Kenneth J. Saltman is Professor of Educational Policy Studies at the University of Illinois Chicago. His scholarship examines educational policy, politics, privatization, technology, democracy, and critical pedagogy. Across more than two decades of work, he has developed critical analyses of how schooling is shaped by broader economic, political, and cultural struggles.
Since the late 1990s, Saltman’s scholarship has been at the forefront of studying the neoliberal restructuring of public education. His early work analyzed the corporatization of schooling, market-based reform, commercialization, militarization, venture philanthropy, and the democratic consequences of corporate school reform. These studies examined how public institutions were reorganized through market logics, managerial control, and private influence.
Over time, his sustained focus on privatization led increasingly to the study of digital educational privatization. Beginning in the mid-2010s, Saltman’s scholarship turned to the role of data-driven platforms, educational software, surveillance systems, smart technologies, and artificial intelligence in reshaping schooling. His recent work argues that many contemporary AI initiatives intensify earlier forms of privatization by transforming learning into data production, expanding corporate control, and narrowing democratic authority over education.
A recurring feature of Saltman’s scholarship is its effort to bridge traditional policy analysis with critical theory and cultural studies drawing on scholarship across the humanities and critical social sciences. His work examines the values, assumptions, and ideologies embedded in educational policy and practice while exploring possibilities for democratic education, critical literacy, and emancipatory social change.

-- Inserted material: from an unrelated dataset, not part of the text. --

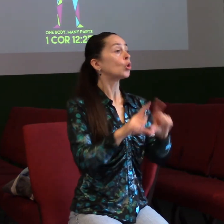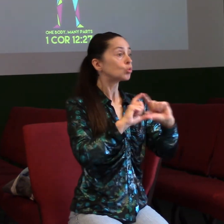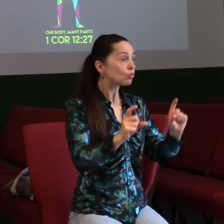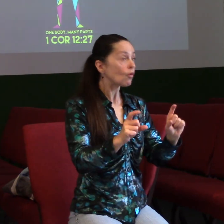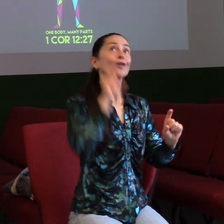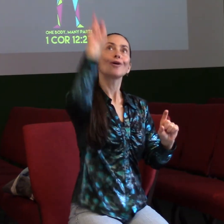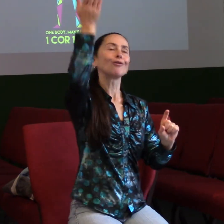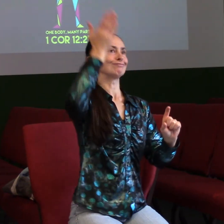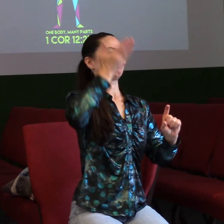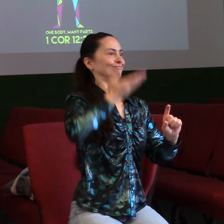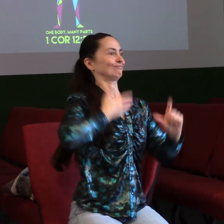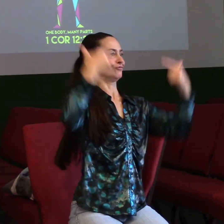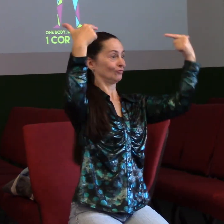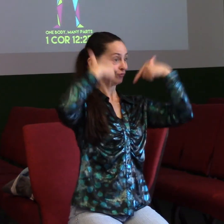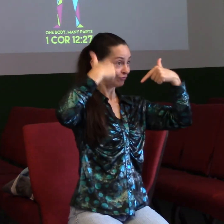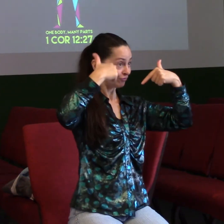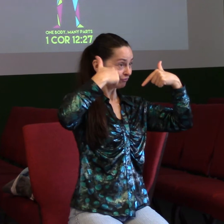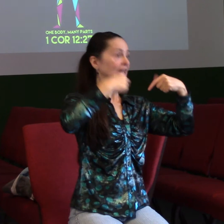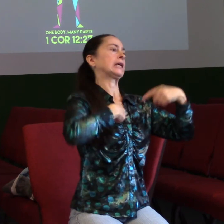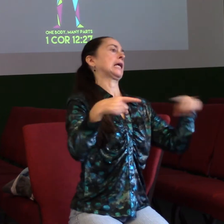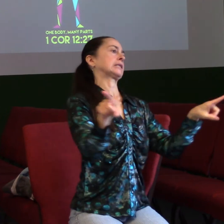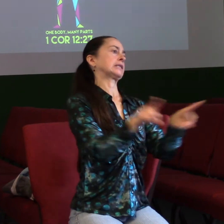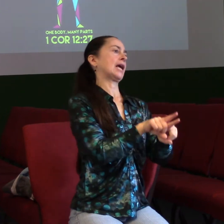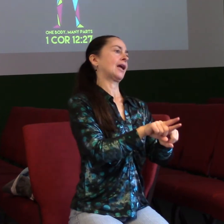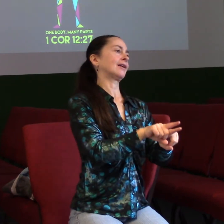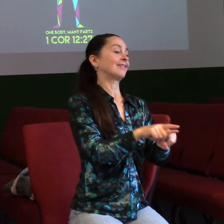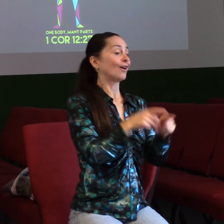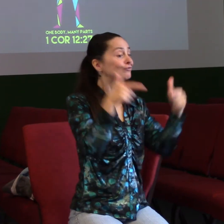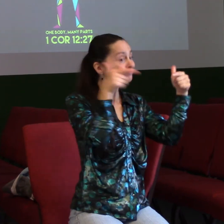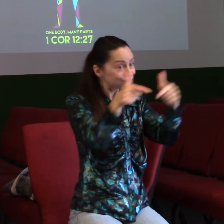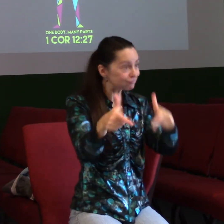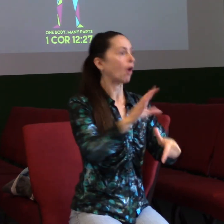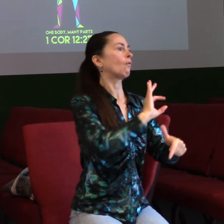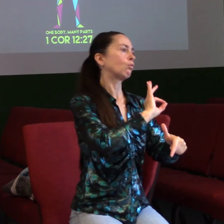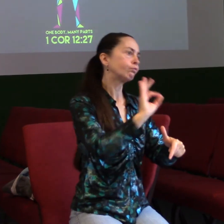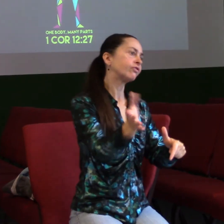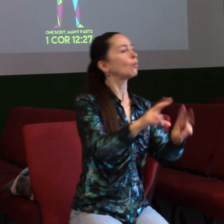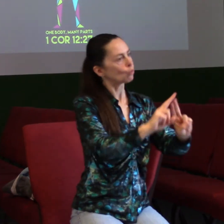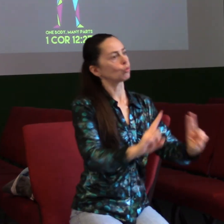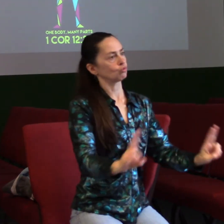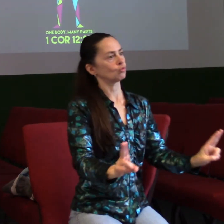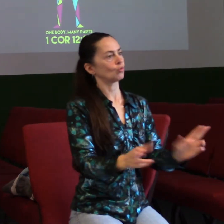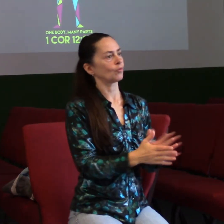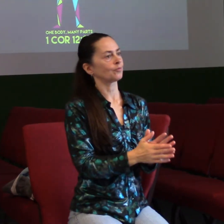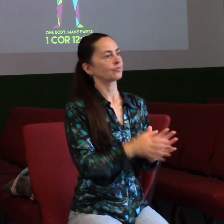Takže společně, jako orgány, ruce, nohy, hlava jednoho těla.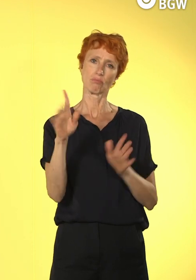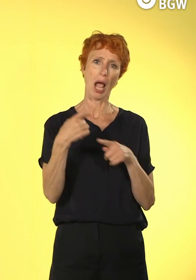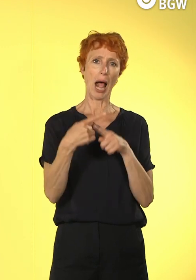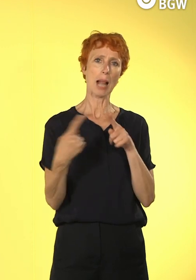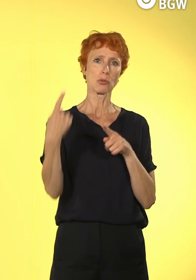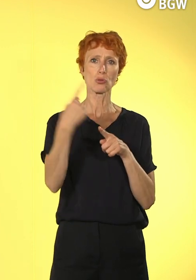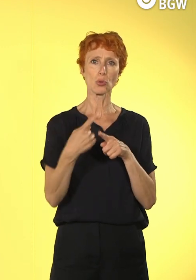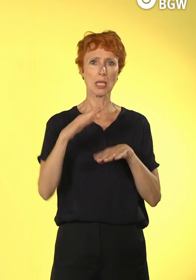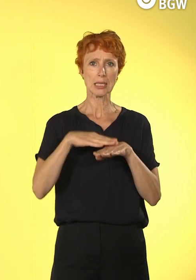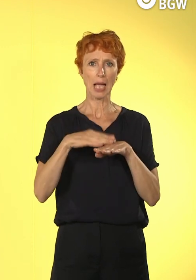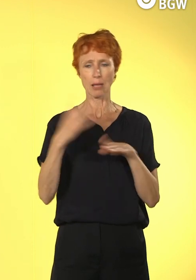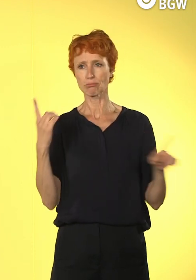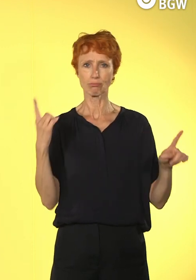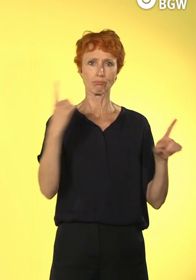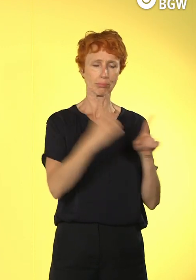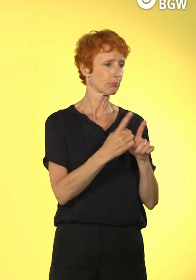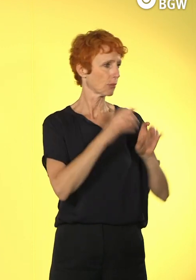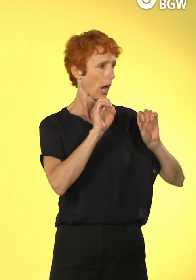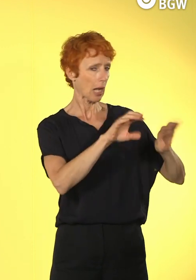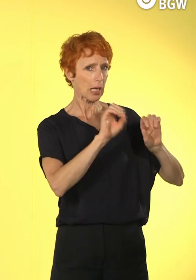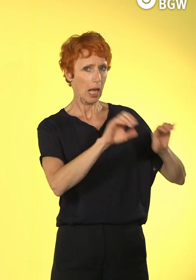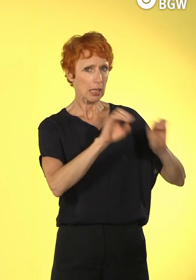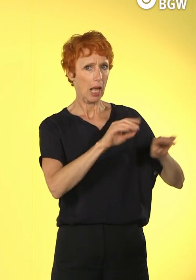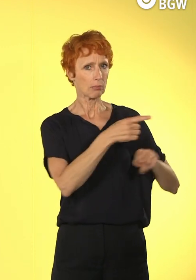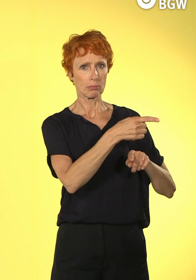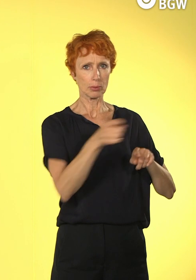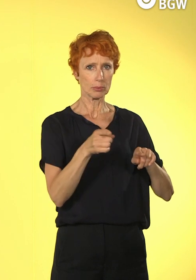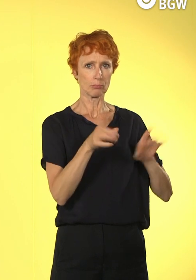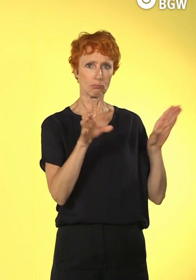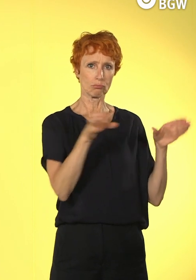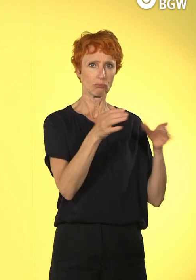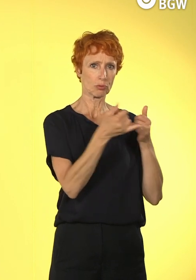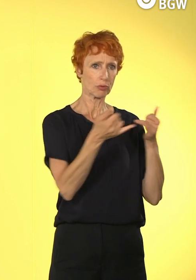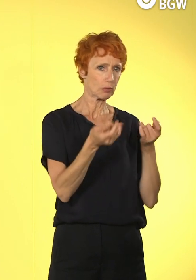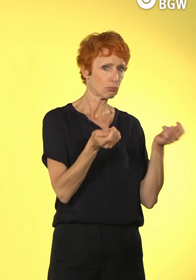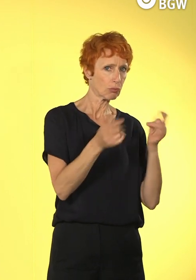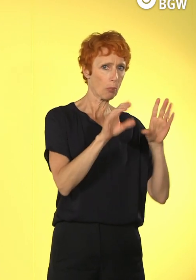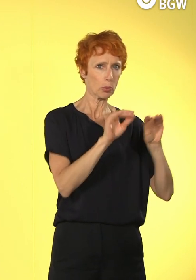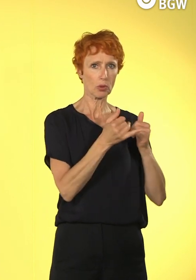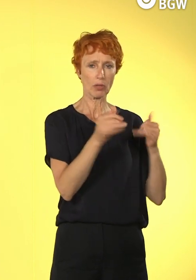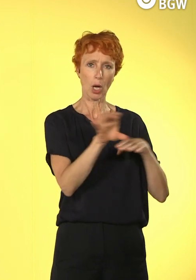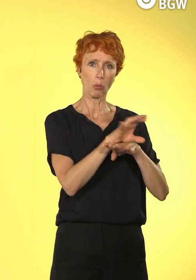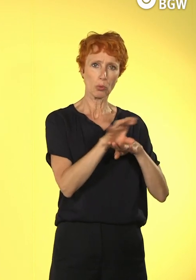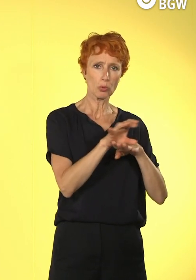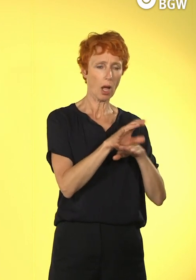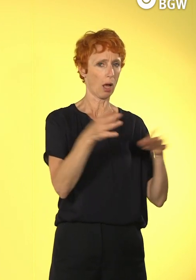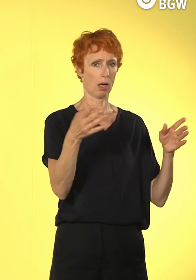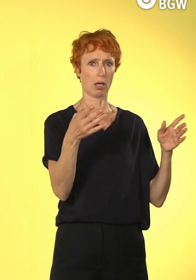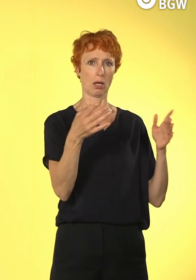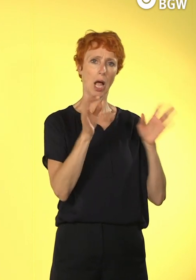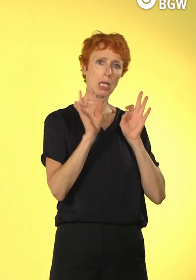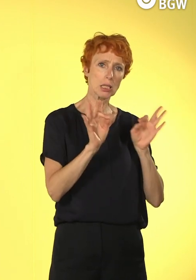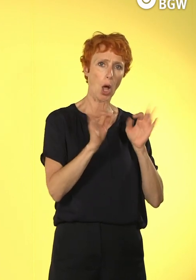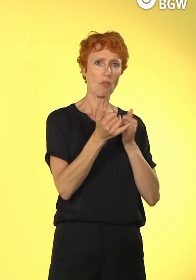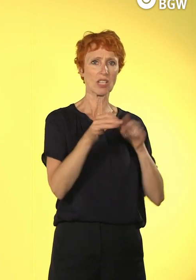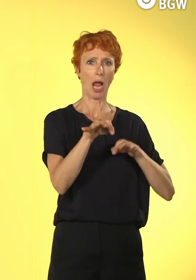um mit den Frauen, es sind vier Frauen, die da tätig sind, mit den Frauen dieses ganz konkret einfach mal

Saltman received his PhD in Curriculum and Instruction from Pennsylvania State University in 1999 and an Honors Bachelor’s degree in Philosophy from McGill University. Prior to joining the University of Illinois Chicago, he taught at the University of Massachusetts Dartmouth, DePaul University, and St. Joseph’s University in Philadelphia. Before entering academia, he taught ESL in Prague and Pusan, South Korea.
He has received several book awards and a Fulbright Research Chair. His recent books include AI Schools and the New Child Labor (2026), Smart Drugs, Attention Doping, and Screen Addicts (2025), The Politics of Education: A Critical Introduction (3rd edition, 2025), The Disaster of Resilience (2023), and The Alienation of Fact (2022).